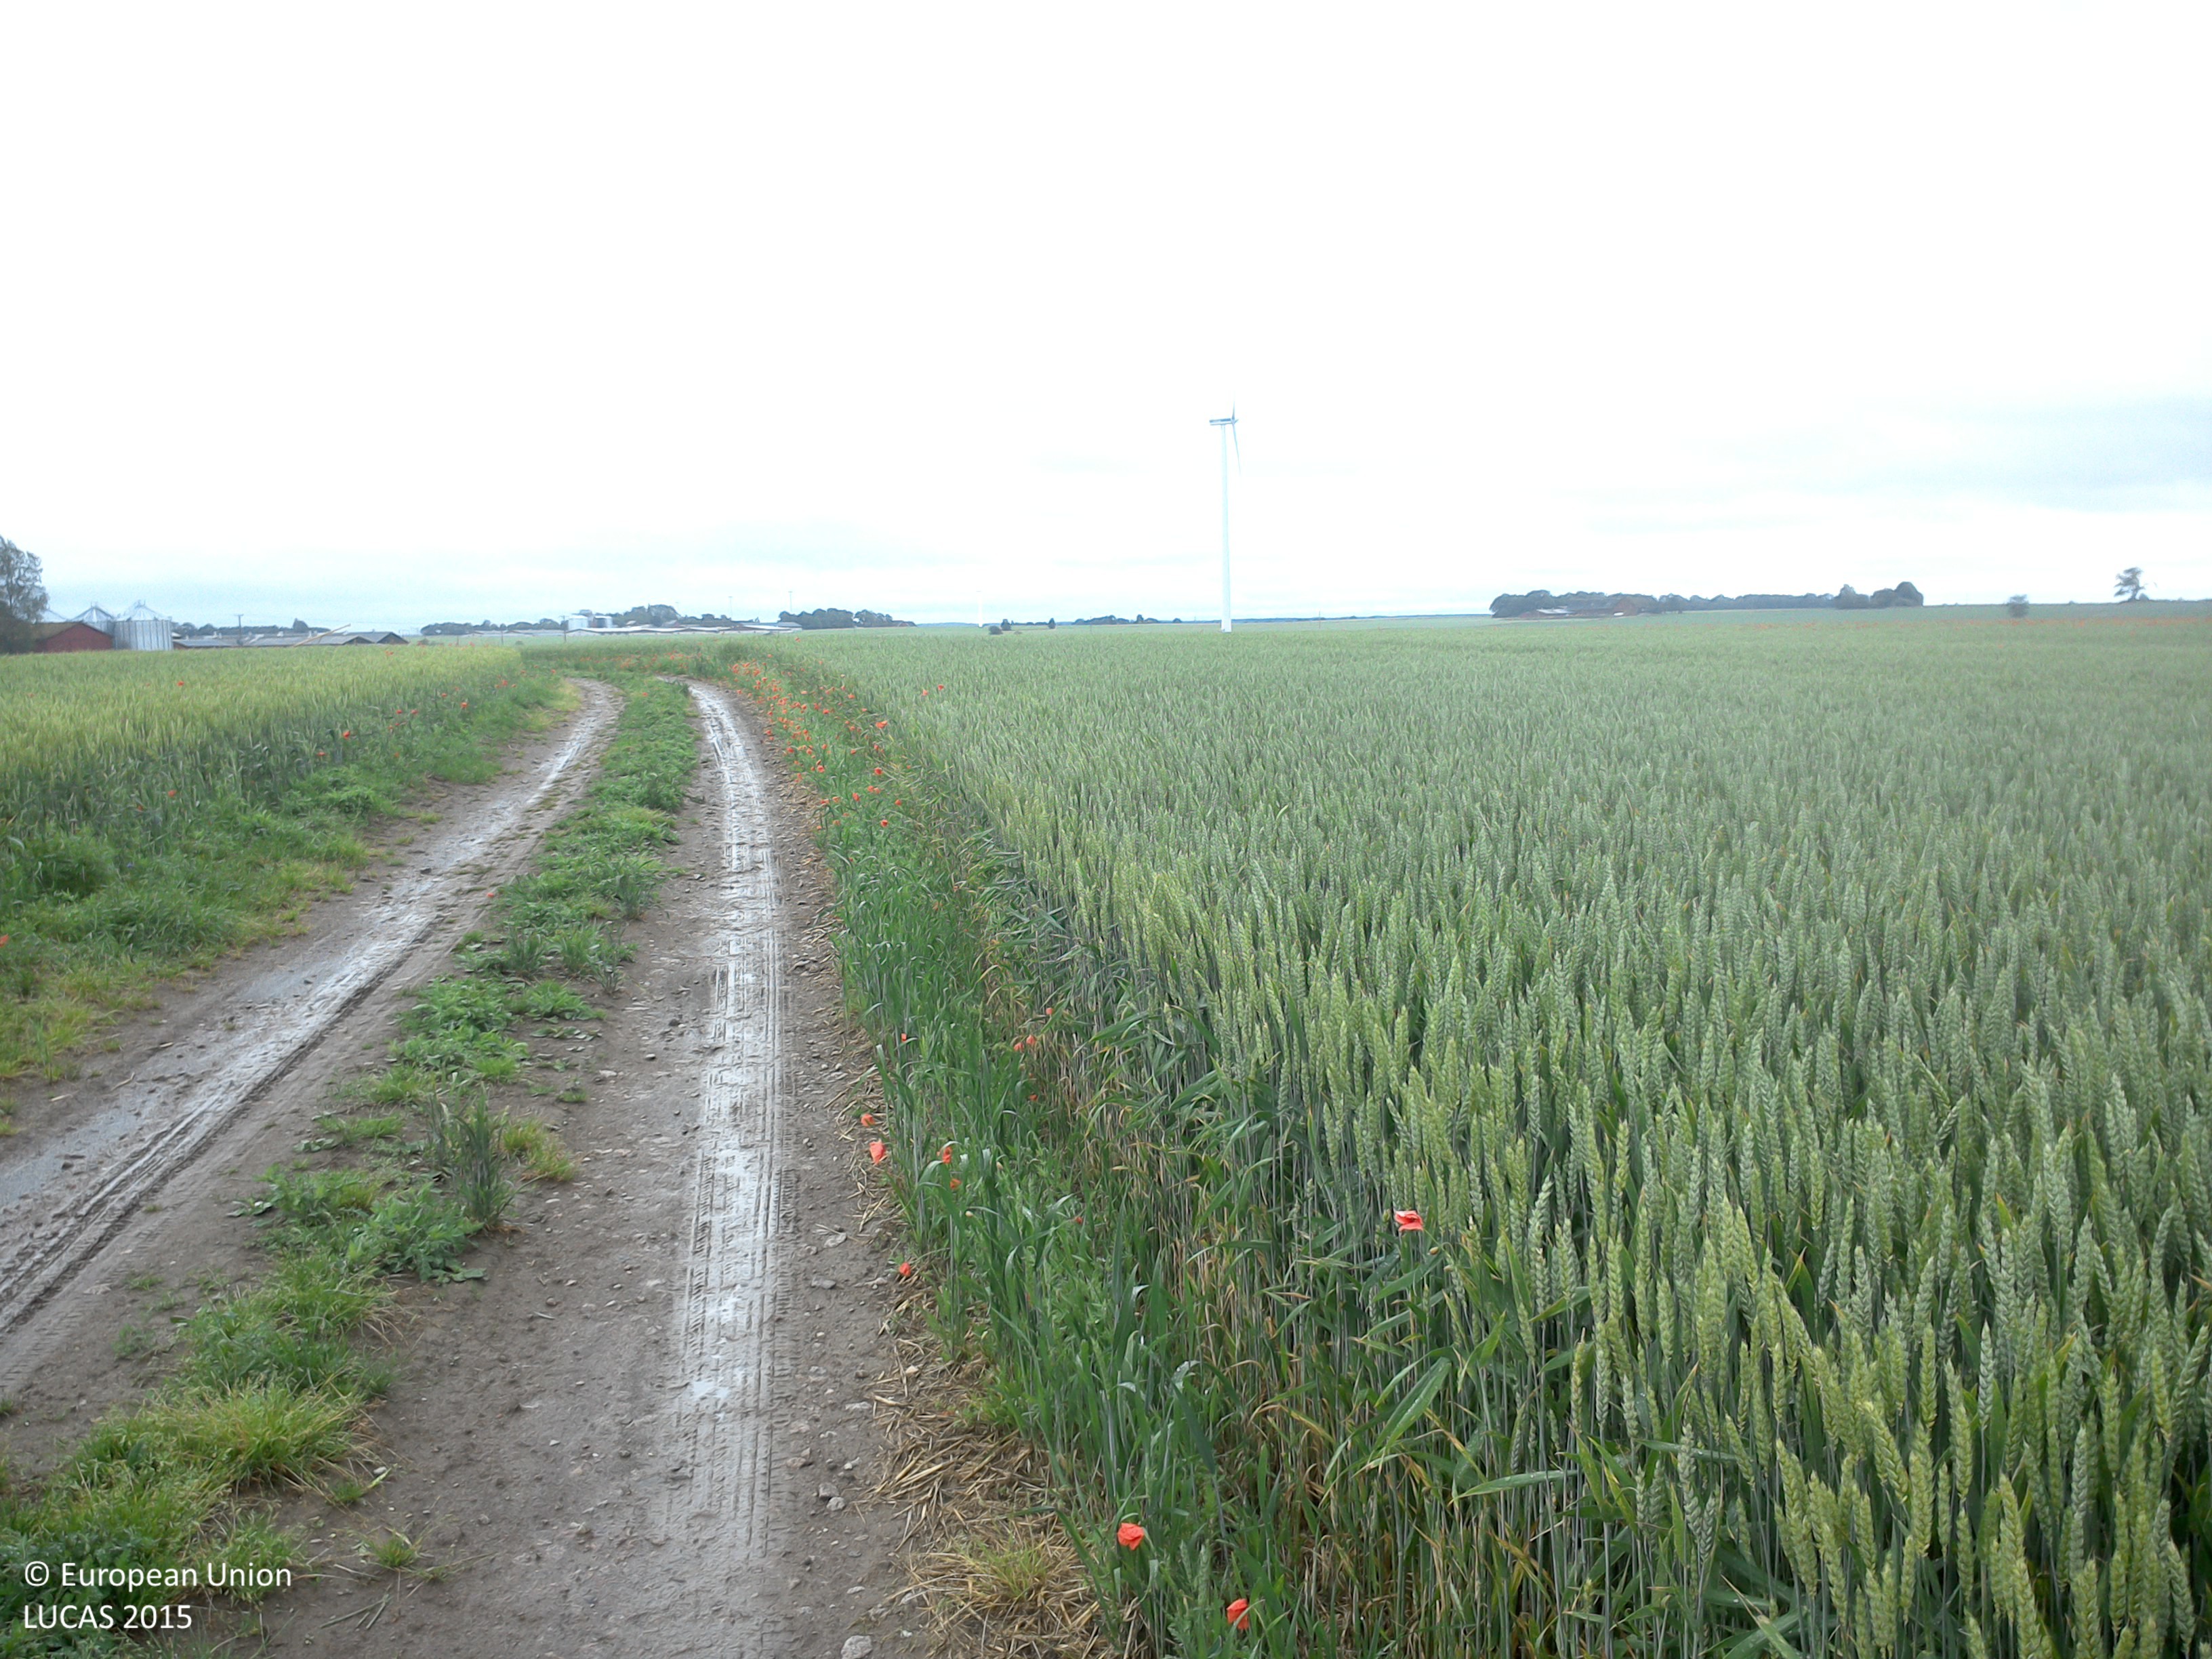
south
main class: Cropland
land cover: Common wheat
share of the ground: > 75 %
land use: Agriculture (excluding fallow land and kitchen gardens)
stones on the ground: < 10 %
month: July
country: SE
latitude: 58.3621
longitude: 14.9679

Instructions to follow: What is the number of lines in this listing that contain the word "ground"? Answer with that number and nothing else.

Response to this task: 2